§ Given data
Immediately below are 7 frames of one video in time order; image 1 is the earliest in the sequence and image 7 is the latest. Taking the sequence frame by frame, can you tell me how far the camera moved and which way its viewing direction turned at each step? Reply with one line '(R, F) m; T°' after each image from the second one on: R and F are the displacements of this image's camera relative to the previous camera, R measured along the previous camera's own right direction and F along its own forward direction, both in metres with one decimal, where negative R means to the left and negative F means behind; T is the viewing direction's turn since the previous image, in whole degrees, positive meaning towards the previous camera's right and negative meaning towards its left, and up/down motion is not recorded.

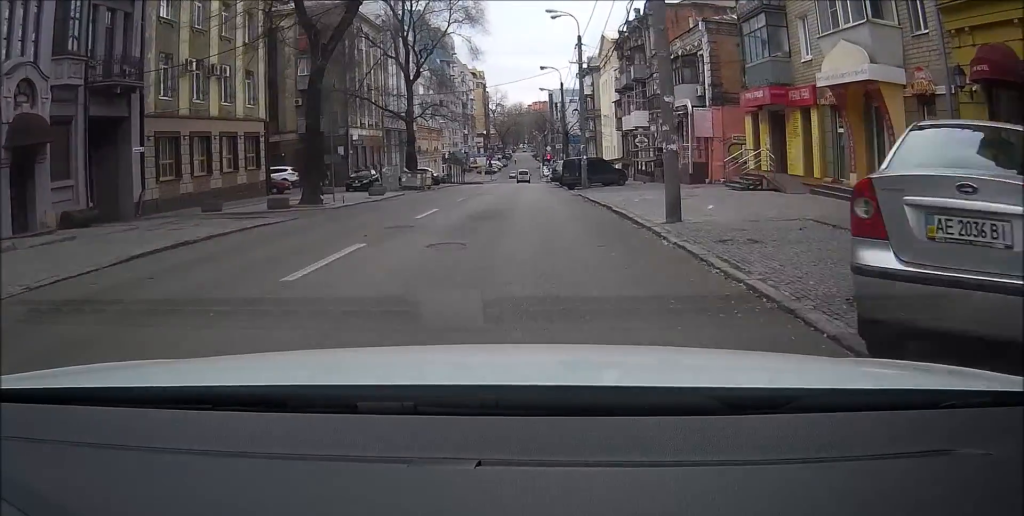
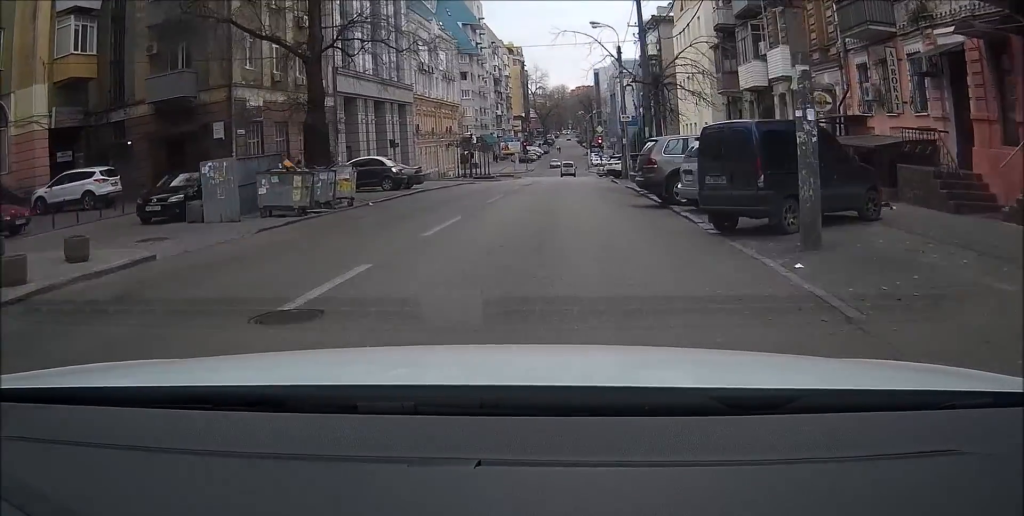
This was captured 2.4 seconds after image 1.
(+1.1, +31.0) m; +4°
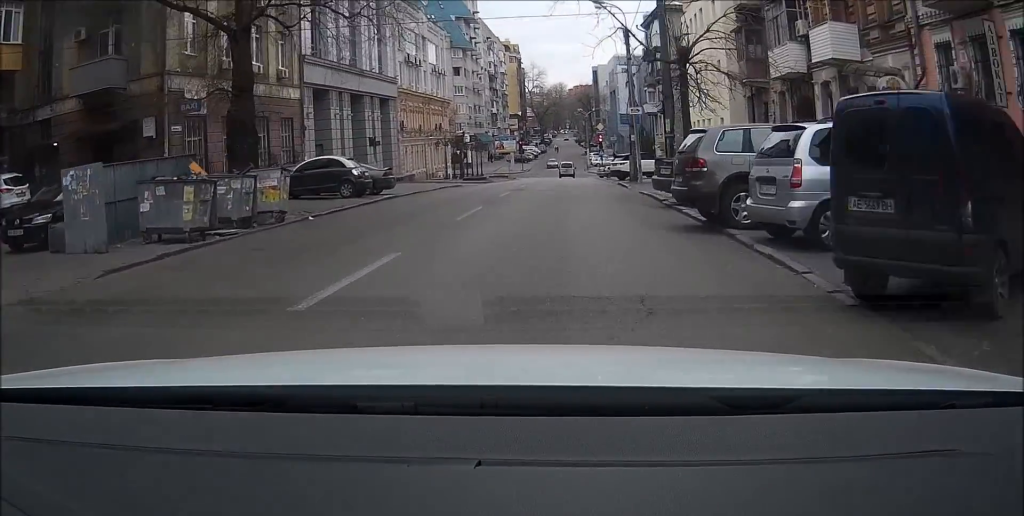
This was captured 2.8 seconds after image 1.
(0.0, +6.0) m; 0°
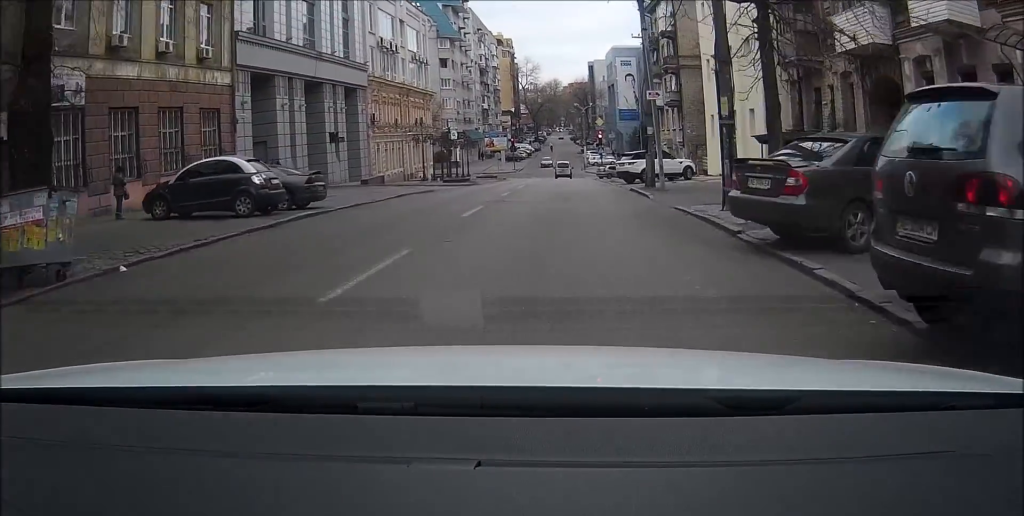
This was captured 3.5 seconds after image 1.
(+0.1, +8.5) m; +1°
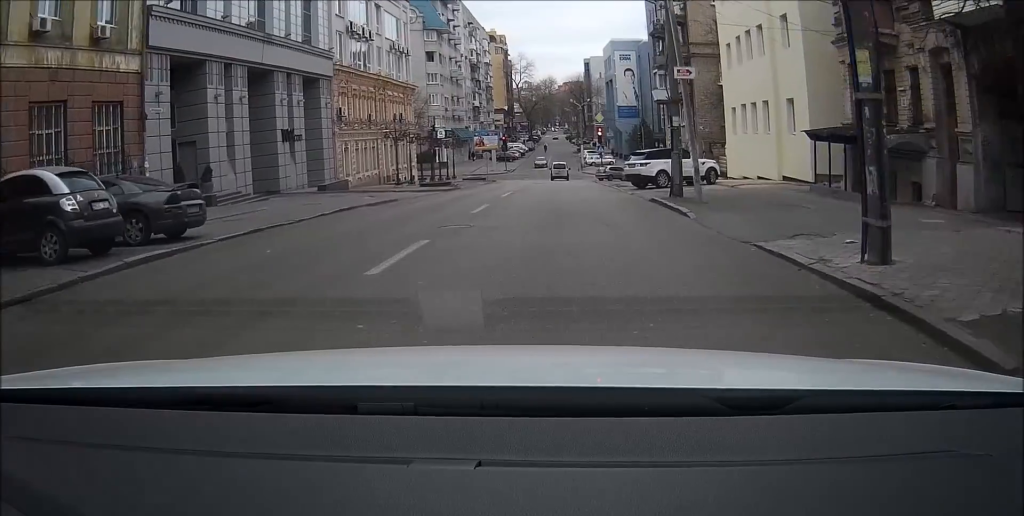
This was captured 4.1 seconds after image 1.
(0.0, +7.4) m; 0°
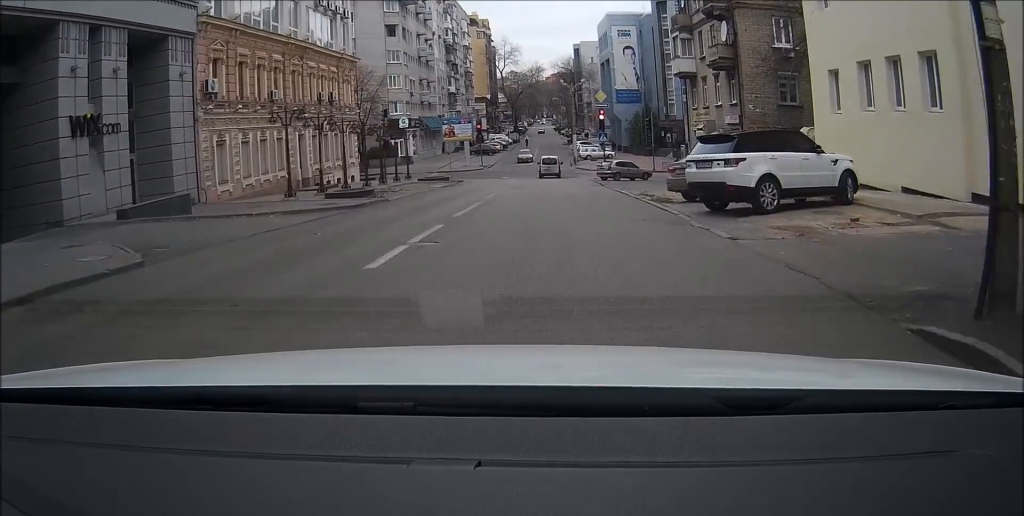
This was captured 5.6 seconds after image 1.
(+0.2, +17.9) m; +1°
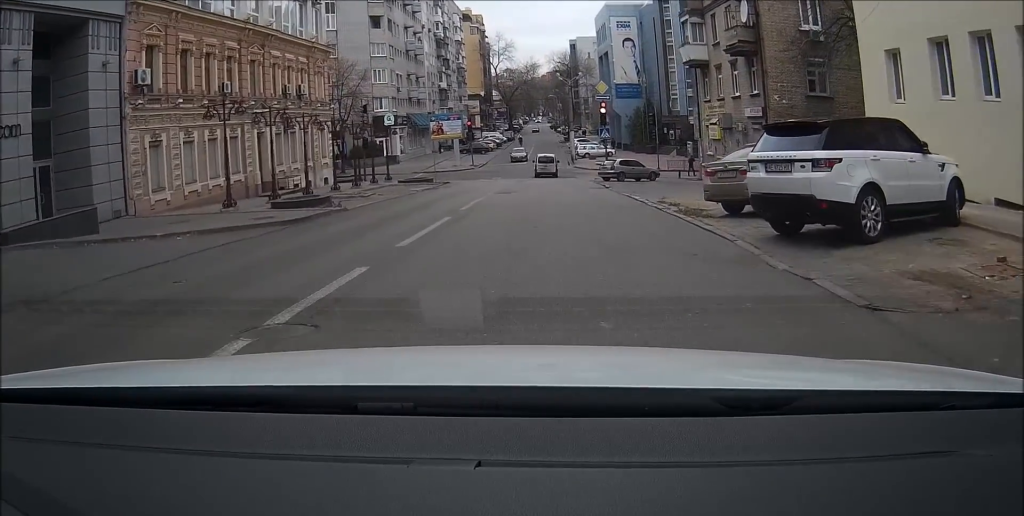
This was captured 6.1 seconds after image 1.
(0.0, +5.3) m; +2°
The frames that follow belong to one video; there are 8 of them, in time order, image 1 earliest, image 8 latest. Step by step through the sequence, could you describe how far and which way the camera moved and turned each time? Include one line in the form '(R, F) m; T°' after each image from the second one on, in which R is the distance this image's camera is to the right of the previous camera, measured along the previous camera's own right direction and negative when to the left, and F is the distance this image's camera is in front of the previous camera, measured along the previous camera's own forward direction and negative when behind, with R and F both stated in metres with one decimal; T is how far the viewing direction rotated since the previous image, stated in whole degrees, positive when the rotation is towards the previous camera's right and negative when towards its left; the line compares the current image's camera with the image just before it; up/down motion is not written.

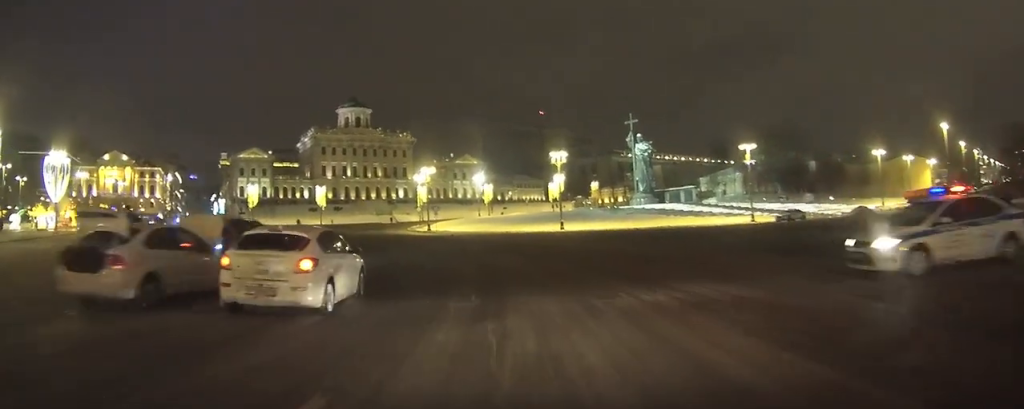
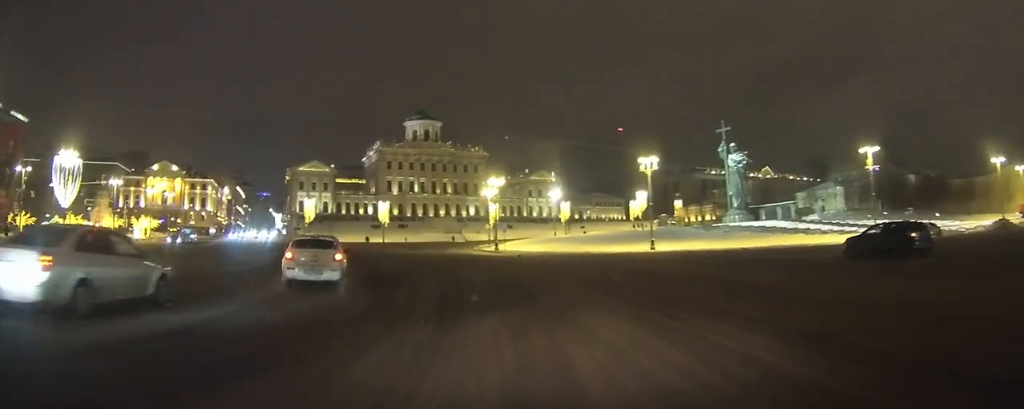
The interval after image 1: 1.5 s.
(-0.6, +12.8) m; -5°
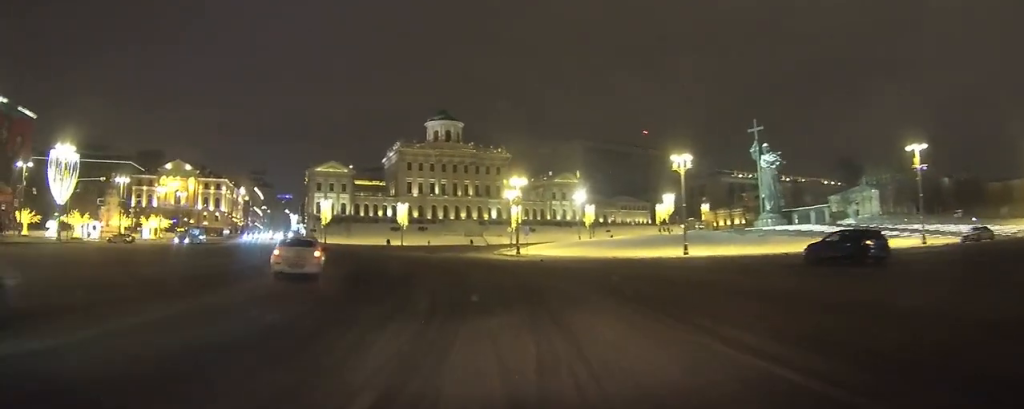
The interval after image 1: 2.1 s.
(0.0, +5.1) m; -2°
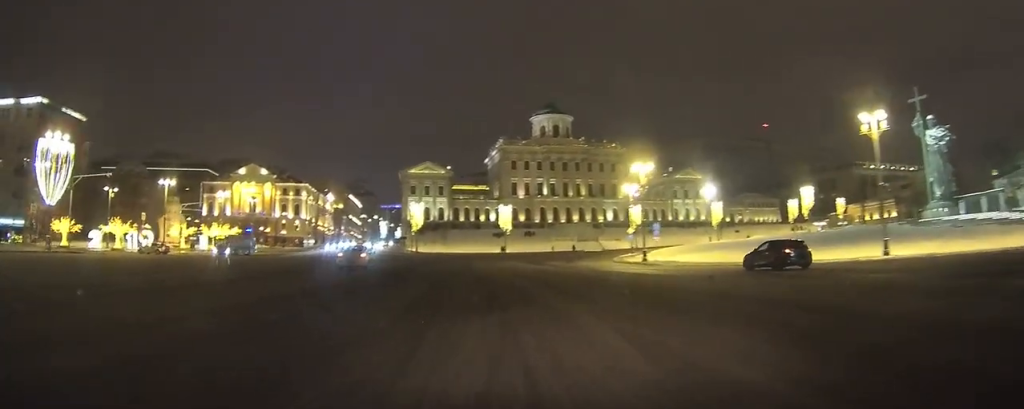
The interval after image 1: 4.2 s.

§ Directions for this task
Restate each entry word for word. Omit every picture.

§ Reply to the exercise
Immediately below are 7 frames of one video in time order; image 1 is the earliest in the sequence and image 7 is the latest. Taking the sequence frame by frame, can you tell me how far the camera moved and which way its viewing direction turned at each step? Reply with one line '(R, F) m; T°' after each image from the second one on: R and F are the displacements of this image's camera relative to the previous camera, R measured along the previous camera's own right direction and F along its own forward direction, both in metres with one decimal, where negative R means to the left and negative F means behind; T is the viewing direction's turn since the previous image, in whole degrees, positive meaning towards the previous camera's right and negative meaning towards its left, and up/down motion is not recorded.

This was captured 2.4 seconds after image 1.
(+1.1, +31.0) m; +4°
This was captured 2.8 seconds after image 1.
(0.0, +6.0) m; 0°
This was captured 3.5 seconds after image 1.
(+0.1, +8.5) m; +1°
This was captured 4.1 seconds after image 1.
(0.0, +7.4) m; 0°
This was captured 5.6 seconds after image 1.
(+0.2, +17.9) m; +1°
This was captured 6.1 seconds after image 1.
(0.0, +5.3) m; +2°
The frames that follow belong to one video; there are 8 of them, in time order, image 1 earliest, image 8 latest. Step by step through the sequence, could you describe how far and which way the camera moved and turned each time? Include one line in the form '(R, F) m; T°' after each image from the second one on, in which R is the distance this image's camera is to the right of the previous camera, measured along the previous camera's own right direction and negative when to the left, and F is the distance this image's camera is in front of the previous camera, measured along the previous camera's own forward direction and negative when behind, with R and F both stated in metres with one decimal; T is how far the viewing direction rotated since the previous image, stated in whole degrees, positive when the rotation is towards the previous camera's right and negative when towards its left; the line compares the current image's camera with the image just before it; up/down motion is not written.

The interval after image 1: 1.5 s.
(-0.6, +12.8) m; -5°
The interval after image 1: 2.1 s.
(0.0, +5.1) m; -2°
The interval after image 1: 4.2 s.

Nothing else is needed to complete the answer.